YOUR TASK: Starting with the line that holds "An aerial image. It shows: Smooth", reproduce each line through the last one of the data, exactly as written. Pictures are not copied.

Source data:
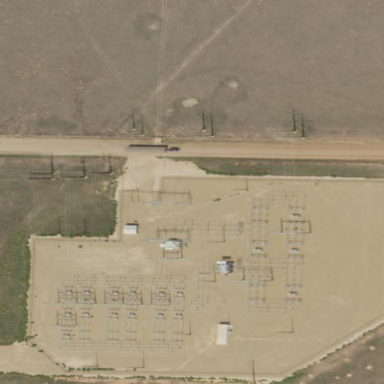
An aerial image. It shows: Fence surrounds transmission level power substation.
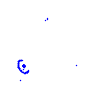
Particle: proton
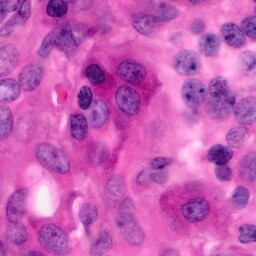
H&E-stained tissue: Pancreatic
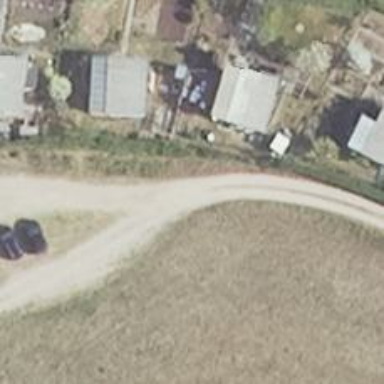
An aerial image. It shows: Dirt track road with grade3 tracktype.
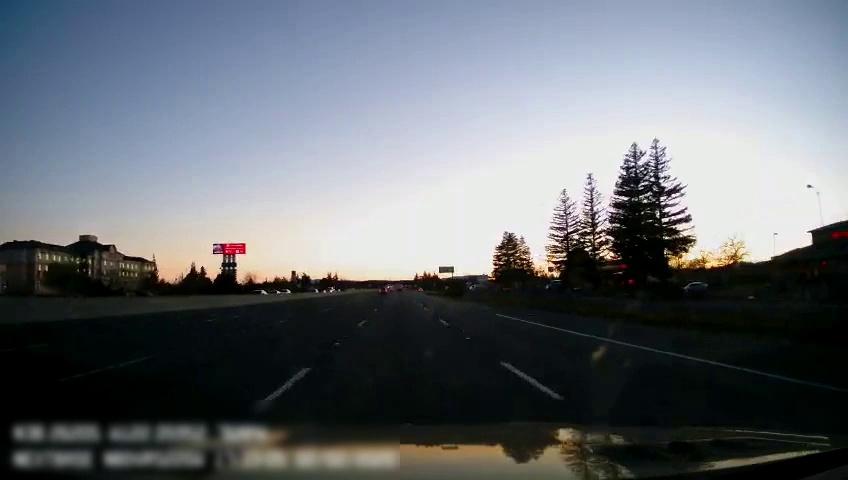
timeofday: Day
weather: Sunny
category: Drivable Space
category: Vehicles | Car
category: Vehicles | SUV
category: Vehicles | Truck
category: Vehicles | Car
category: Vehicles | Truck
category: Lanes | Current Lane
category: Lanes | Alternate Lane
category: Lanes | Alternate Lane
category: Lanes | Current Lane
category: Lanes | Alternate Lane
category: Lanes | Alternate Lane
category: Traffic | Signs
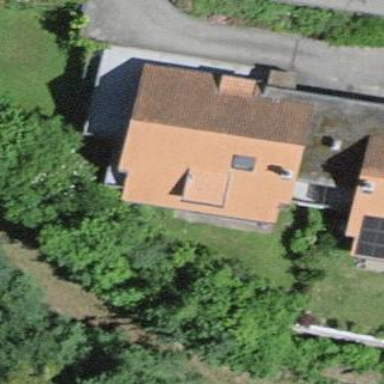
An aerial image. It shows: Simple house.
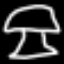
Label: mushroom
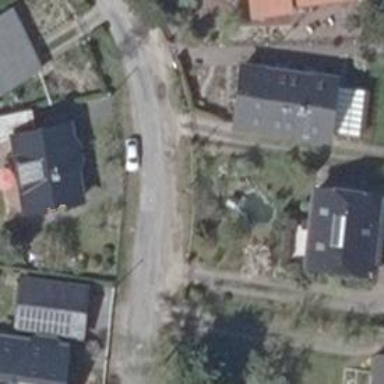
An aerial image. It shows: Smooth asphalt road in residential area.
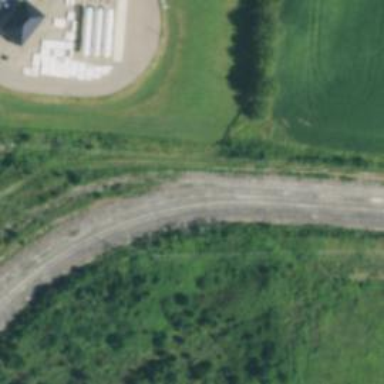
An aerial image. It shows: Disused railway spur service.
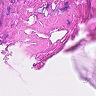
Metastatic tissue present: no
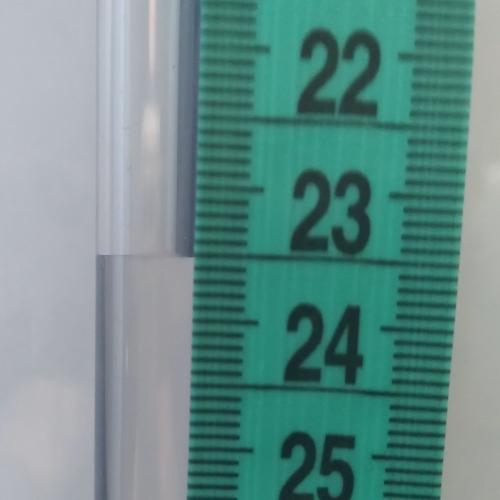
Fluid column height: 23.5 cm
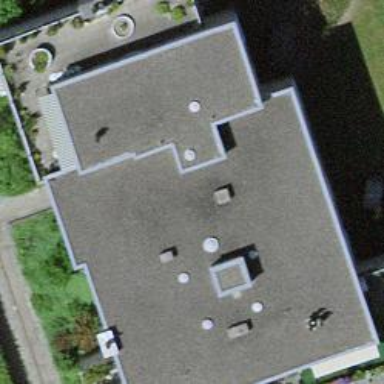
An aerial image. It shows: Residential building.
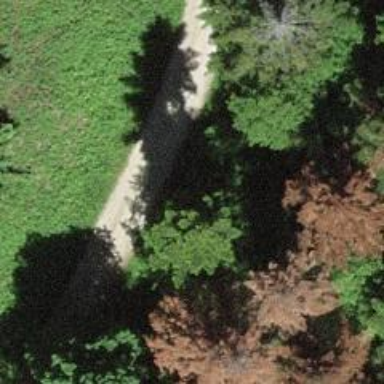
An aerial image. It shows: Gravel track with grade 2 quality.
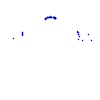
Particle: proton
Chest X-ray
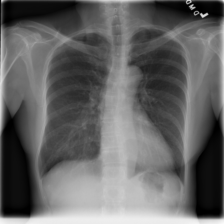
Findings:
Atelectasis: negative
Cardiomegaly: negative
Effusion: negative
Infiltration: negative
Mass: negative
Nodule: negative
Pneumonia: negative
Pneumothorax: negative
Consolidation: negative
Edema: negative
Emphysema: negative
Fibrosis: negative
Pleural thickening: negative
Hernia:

THE ANSWER:
An aerial image. It shows: Smooth asphalt road in residential area.
An aerial image. It shows: Disused railway spur service.
Metastatic tissue present: no
Fluid column height: 23.5 cm
An aerial image. It shows: Residential building.
An aerial image. It shows: Gravel track with grade 2 quality.
Particle: proton
Chest X-ray
Findings:
Atelectasis: negative
Cardiomegaly: negative
Effusion: negative
Infiltration: negative
Mass: negative
Nodule: negative
Pneumonia: negative
Pneumothorax: negative
Consolidation: negative
Edema: negative
Emphysema: negative
Fibrosis: negative
Pleural thickening: negative
Hernia:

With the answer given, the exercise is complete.